# Static Rotation as an Axial Vector

Hetware
If I rotate an object about an arbitrary axis, I can draw an arrow along that axis, and assign it a length proportional to the amount of rotation. I can project that arrow onto the basis of a rectangular coordinate system. The question arises, is it a vector?

I can certainly transform it from one coordinate system to another, preserving its meaning. I could add them together using standard vector addition, and assert that this sum means to rotate about the resulting axial by the resulting magnitude.

What doesn't work is to perform the rotation determined by one such arrow, and then perform the rotation for a second arrow and, in general get the rotation resulting from the vector sum of these.
http://sphotos-a.xx.fbcdn.net/hphotos-ash3/75130_484117724951803_2017520621_n.jpg [Broken]

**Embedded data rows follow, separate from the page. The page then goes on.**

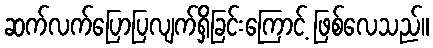
ဆက်လက်ပြောပြလျက်ရှိခြင်းကြောင့် ဖြစ်လေသည်။
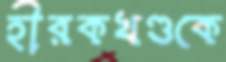
হীরকখণ্ডকে
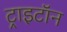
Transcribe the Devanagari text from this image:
ट्राइटॉन
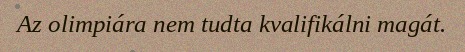
Az olimpiára nem tudta kvalifikálni magát.
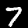
Digit: 7
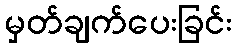
မှတ်ချက်ပေးခြင်း
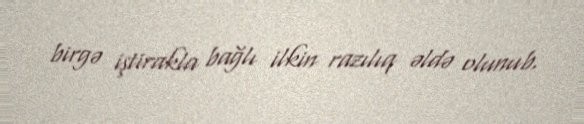
birgə iştirakla bağlı ilkin razılıq əldə olunub.
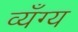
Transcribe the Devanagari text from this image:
व्यँग्य
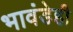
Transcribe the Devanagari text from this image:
भावंडेही
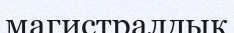
магистралдық
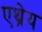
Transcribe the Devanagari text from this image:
एथ्रेय
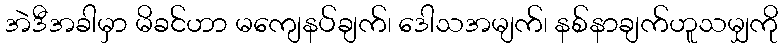
အဲဒီအခါမှာ မိခင်ဟာ မကျေနပ်ချက်၊ ဒေါသအမျက်၊ နစ်နာချက်ဟူသမျှကို
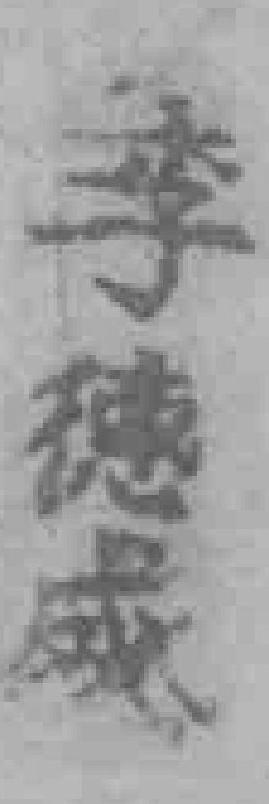
李德威
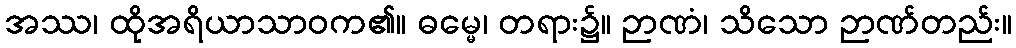
အဿ၊ ထိုအရိယာသာဝက၏။ ဓမ္မေ၊ တရား၌။ ဉာဏံ၊ သိသော ဉာဏ်တည်း။
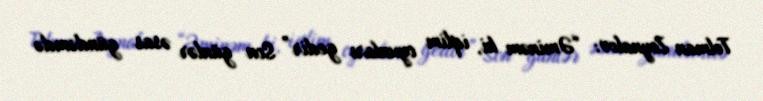
Telman Zeynalov: “Əminəm ki, iqlim oyunları gedir” Son günlər əsas gündəmdə
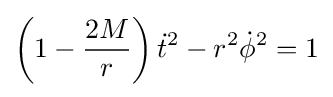
\left(1-{\frac {2M}{r}}\right){\dot {t}}^{2}-r^{2}{\dot {\phi }}^{2}=1
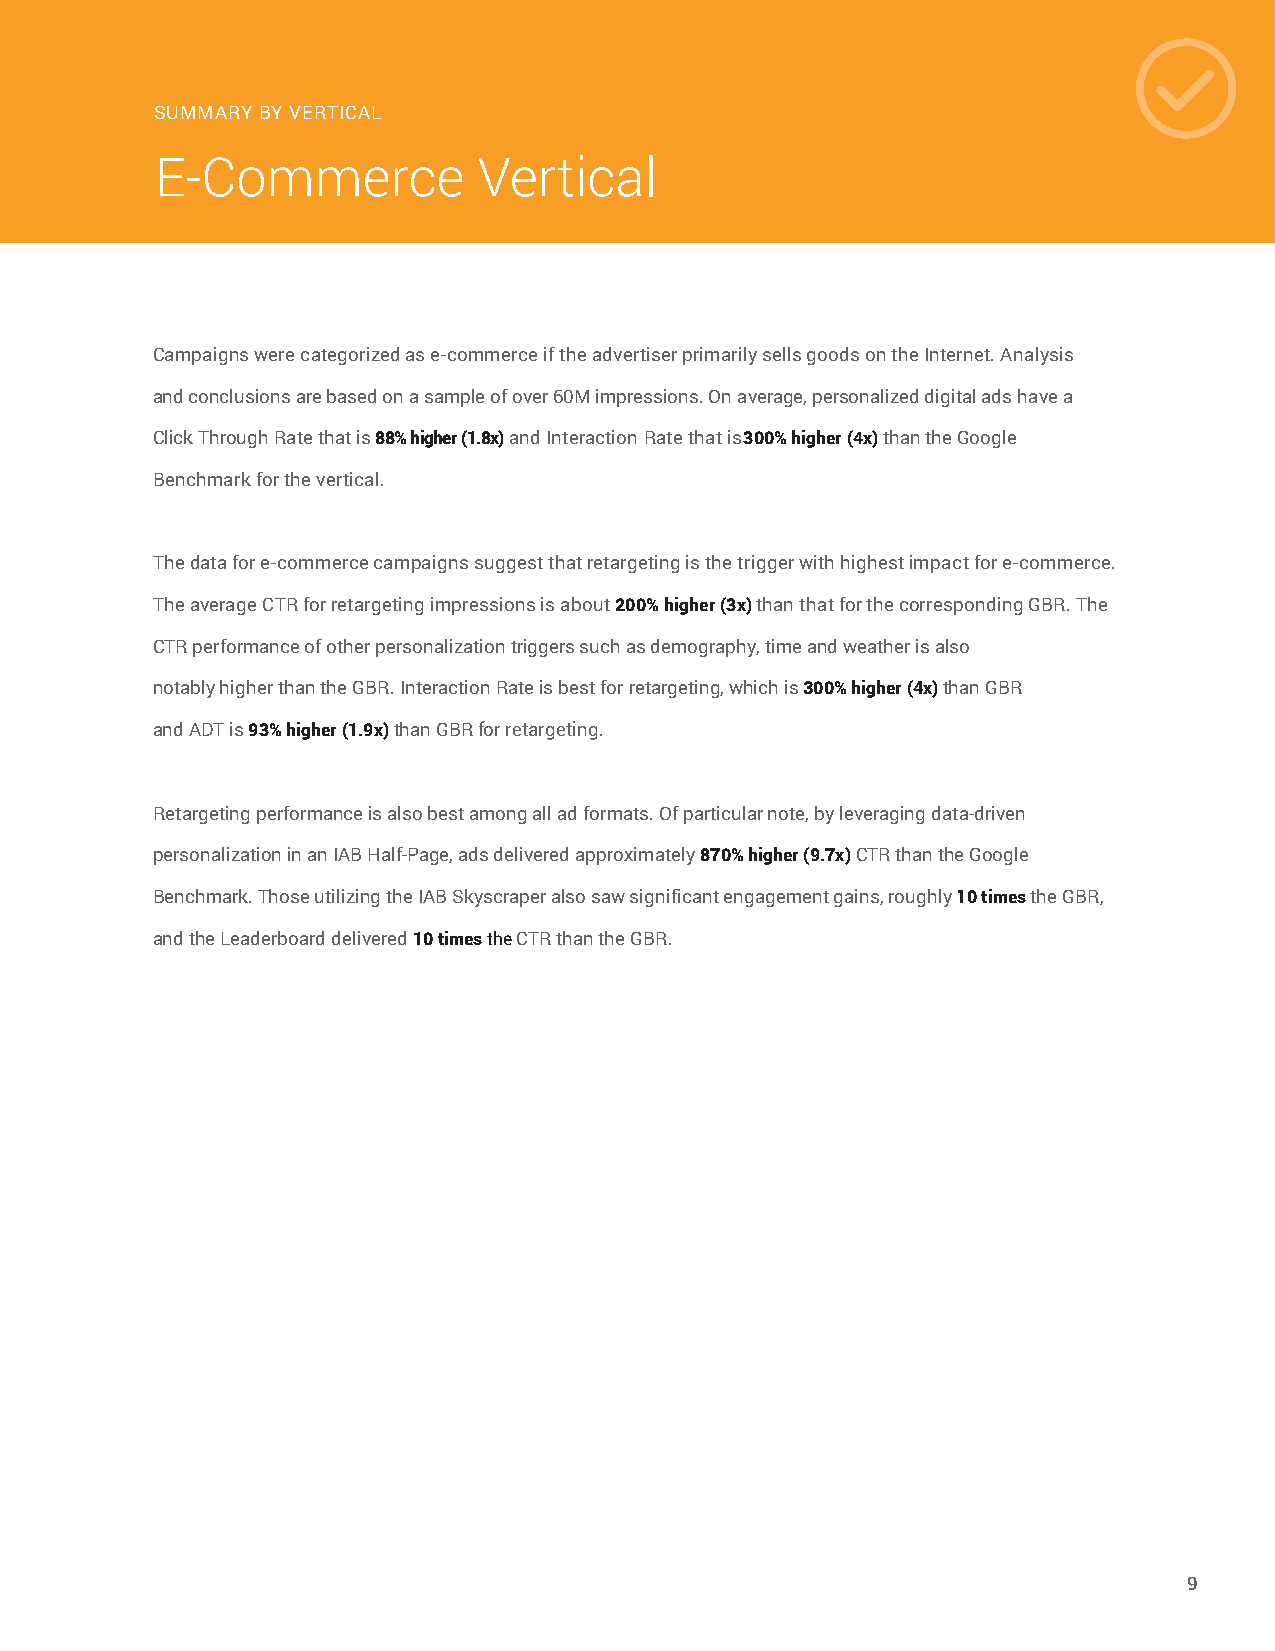
SUMMARY BY VERTICAL
 E-Commerce            Vertical
 Campaigns were categorized as e-commerce if the advertiser primarily sells goods on the Internet. Analysis
 and conclusions are based on a sample of over 60M impressions. On average, personalized digital ads have a
 Click Through Rate that is 88% higher (1.8x) and Interaction Rate that is 300% higher (4x) than the Google
 Benchmark for the vertical.
 The data for e-commerce campaigns suggest that retargeting is the trigger with highest impact for e-commerce.
 The average CTR for retargeting impressions is about 200% higher (3x) than that for the corresponding GBR. The
 CTR performance of other personalization triggers such as demography, time and weather is also
 notably higher than the GBR. Interaction Rate is best for retargeting, which is 300% higher (4x) than GBR
 and ADT is 93% higher (1.9x) than GBR for retargeting.
 Retargeting performance is also best among all ad formats. Of particular note, by leveraging data-driven
 personalization in an IAB Half-Page, ads delivered approximately 870% higher (9.7x) CTR than the Google
 Benchmark. Those utilizing the IAB Skyscraper also saw significant engagement gains, roughly 10 times the GBR,
 and the Leaderboard delivered 10 times the CTR than the GBR.
 9
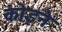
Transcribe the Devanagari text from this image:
कोइनै
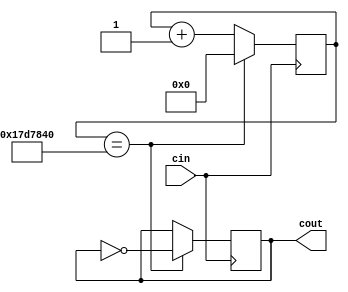
module ClockDivider(cin,cout);

// Taken from the ClockDivider Module Given and modified
// Will give the posedge every second so that the counter can increment on the display

input cin;
output reg cout;

reg[31:0] count = 32'd0;
parameter D = 32'd50000000;

always @(posedge cin)
begin
	if (count == D / 2)
		begin
			count <= 32'd0;
			cout <= ~cout;
		end
	else
		begin
			count <= count + 32'd1;
		end
end

endmodule
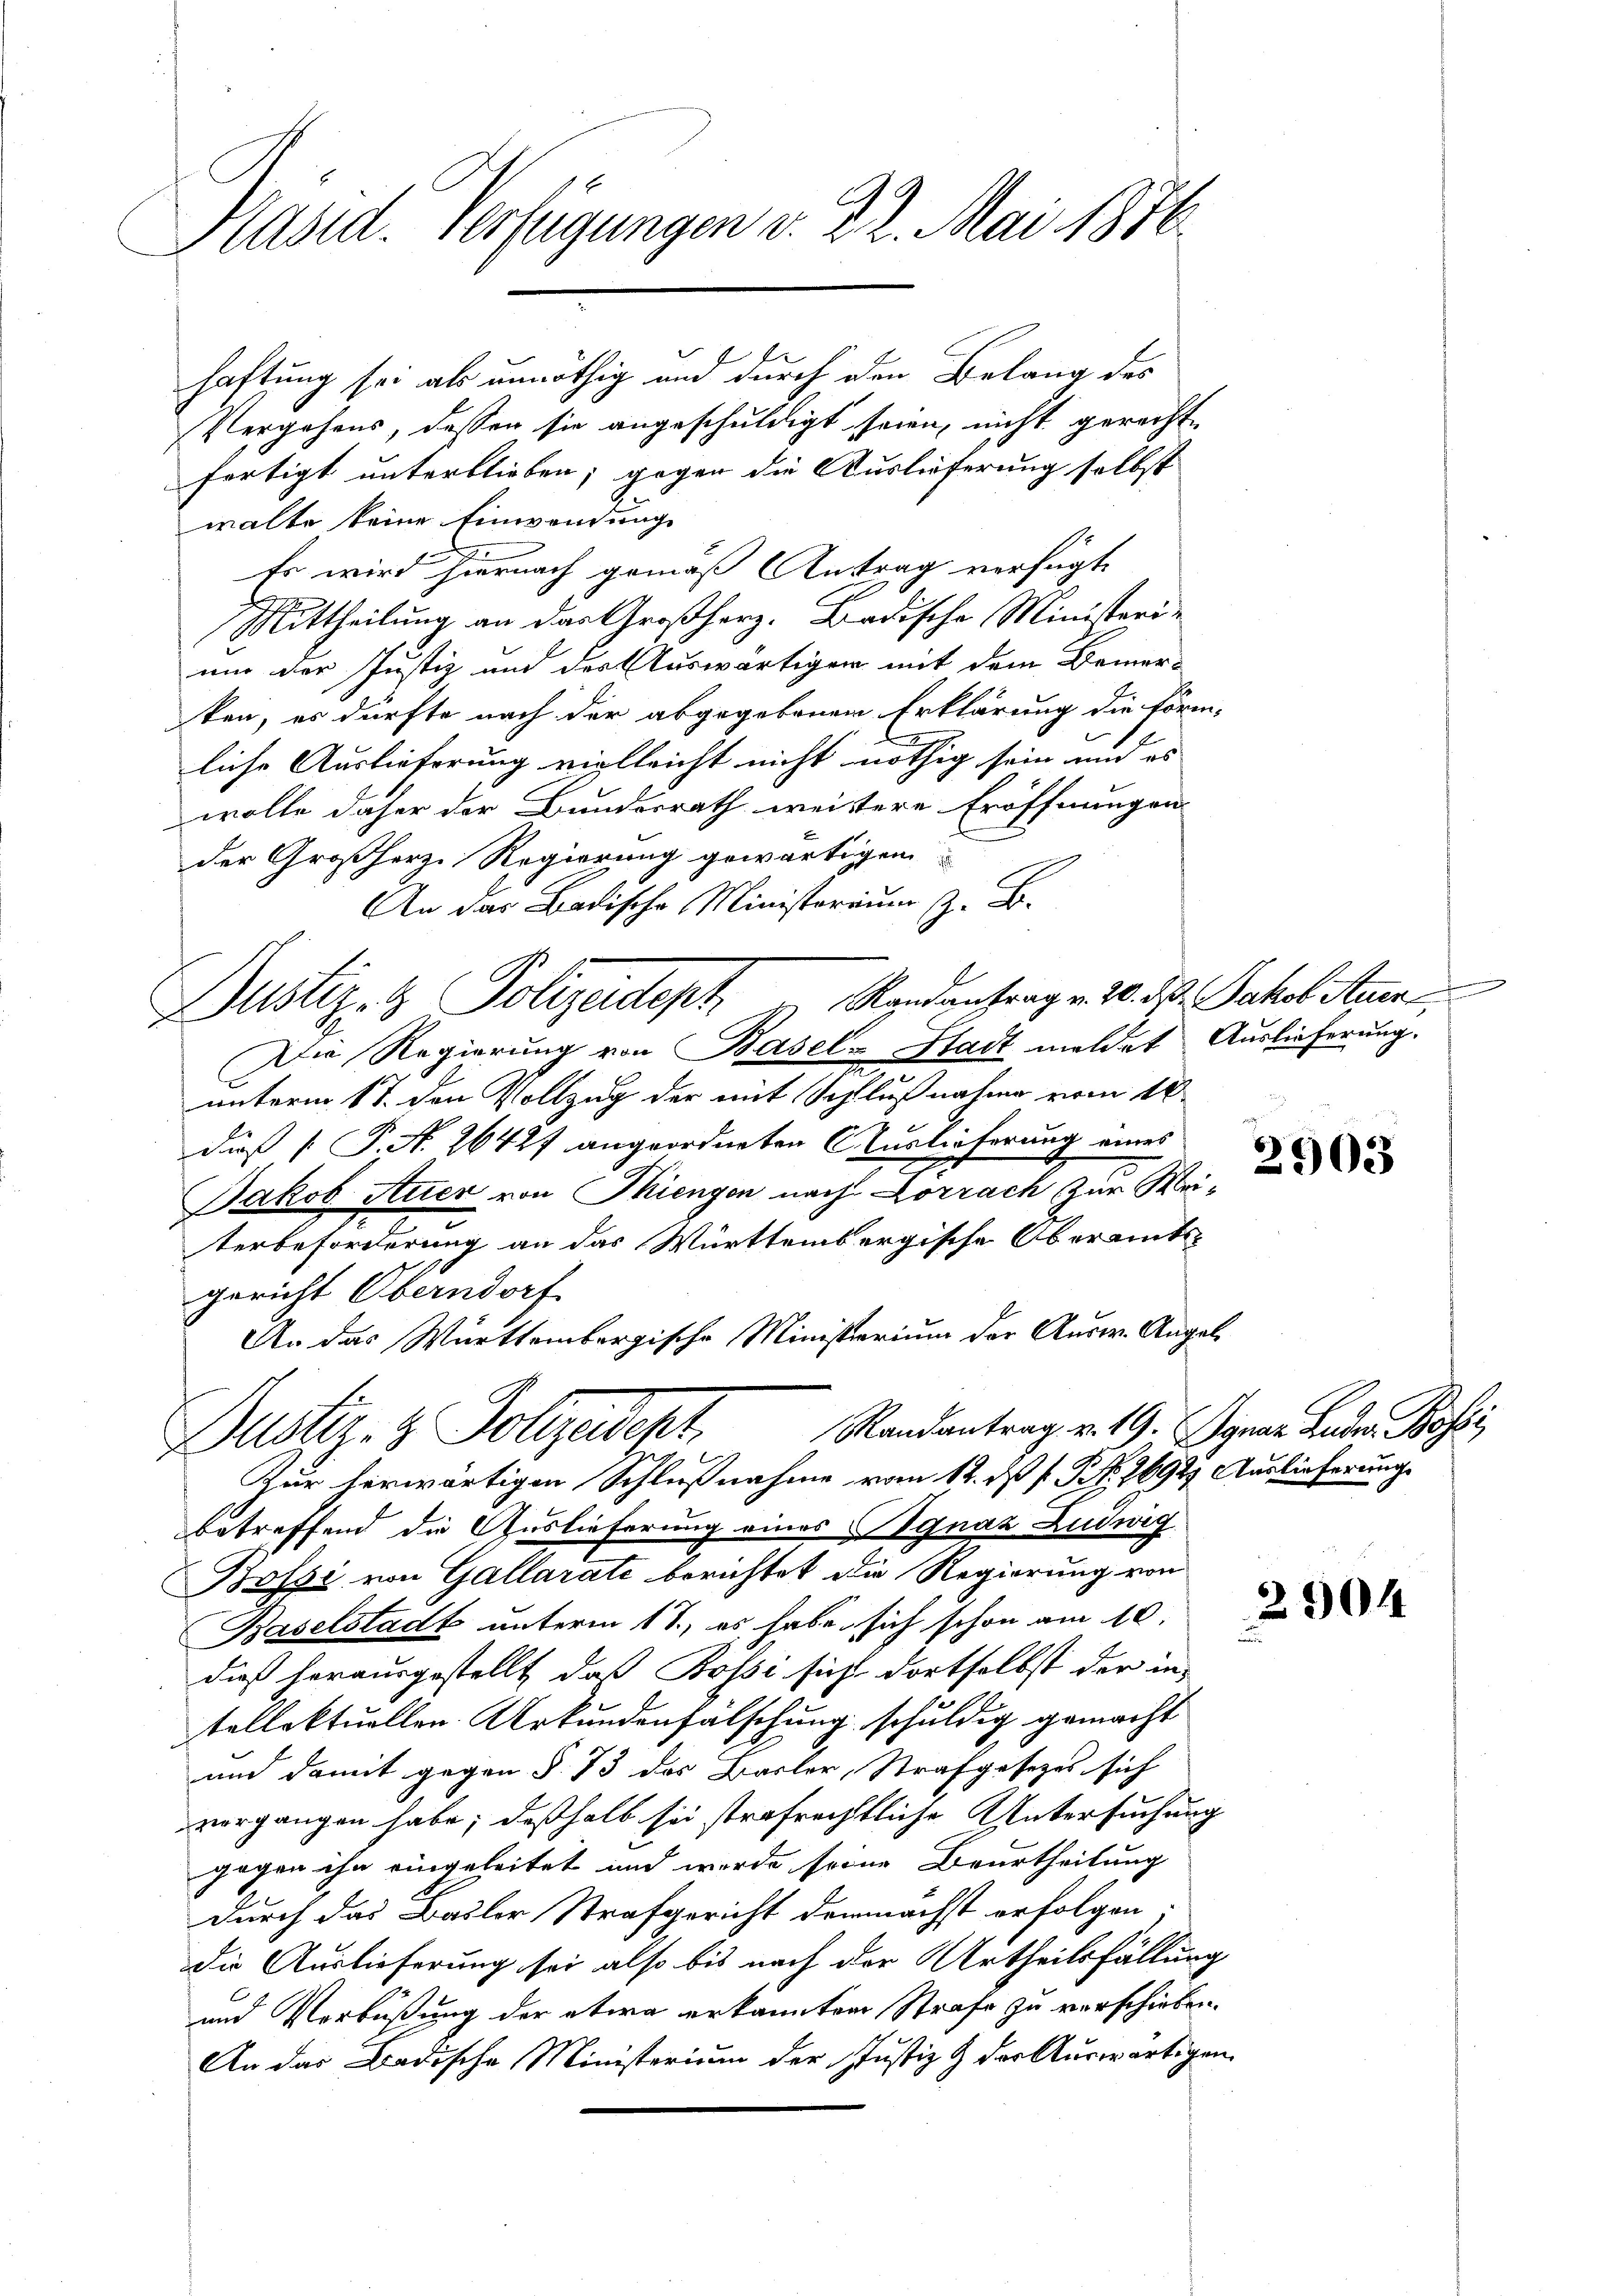
Näsid. Verfügungen v. 22. Mai 1810

f
haftung sei als unnöthig um durch den Belang des

fr
Vergehens, dassen sie angeschuldigt seien, nicht gerechtfertigt unterblieben; gegen die Auslieferung selbst
walte keine Einwendung
Es wird hiernach gemäß Antrag verfügt
Mittheilung an das Großherz. Badische Ministeri-
um der Justiz und der Auswärtigen mit dem Bemer-
ken, es dürfte nach der abgegebenen Erklärung die förm-
liche Auslieferung vielleicht nicht nöthig sein und es |
wolle daher der Bundesrath weitere Eröffnungen
der Großherz Regierung gewärtigen
An das Badische Ministerium z. B.
Die Regierung von Basel-Stadt meldet Auslieferung.
unterm 17. den Vollzug der mit Schlußnahme vom 12.
dieß P. N. 26427 angeordneten Auslieferung eines
Jakob Auer von Miengen nach Lörrach zur Weiterbeforderung an das Württembergische Oberamtsgericht Oberndorf
An das Württembergische Ministrarium der Ausw. Angel
Randantrag v. 19. Jgnar Lader Bossi
Dustiz- & Vollzudest
Zur herwärtigen Schlußnahme vom 12. ds P. Nr. 1692) Auslieferung
betreffend die Auslieferung eines Ignaz Ludwig
Boszi von Gallarate berichtet die Regierung von
Baselstadt unterm 18., es habe sich schon am 10.
dieß herausgestellt, daß Bossi sicht dortselbst der in-
tellektuellen Urkundenfälschung schuldig gemacht
und damit gegen § 73 des Basler, Strafgesezes sich
vorgangen habe; deßhalb sei strafrechtliche Untersuchung
gegen ihn eingeleitet und werde seine Beurtheilung
durch das Basler Strafgericht demnächst erfolgen
die Auslieferung sei also bis nach der Urtheilsfällung
und Verbüßung der etwa erkannten Strafe zu verschieben.
An das Badische Ministerium der Justiz & der Auswärtigen

Dustiz- & Polizeidept.  Randantrag v. 20. d. Jakob Stum

2903

2904

Now, with displacements, for example, I can equate subsequent displacements and the summation of vectors.

Now, if I require that the combination of the rotation arrows be done simultaneously, using some real number parameter, such that both angles about the respective axes of rotation increase in proportion to the magnitudes, then, I believe, the result will be the same as the rotation defined by the vector sum.

The reason I got to thinking about this is because I was pondering Feynman's unproved assertion that angular velocity vectors can be summed.

Is this something that has an intuitive discussion in textbooks? Is there a position axial vector analogous to the polar position vector used to depict a displacement from an origin?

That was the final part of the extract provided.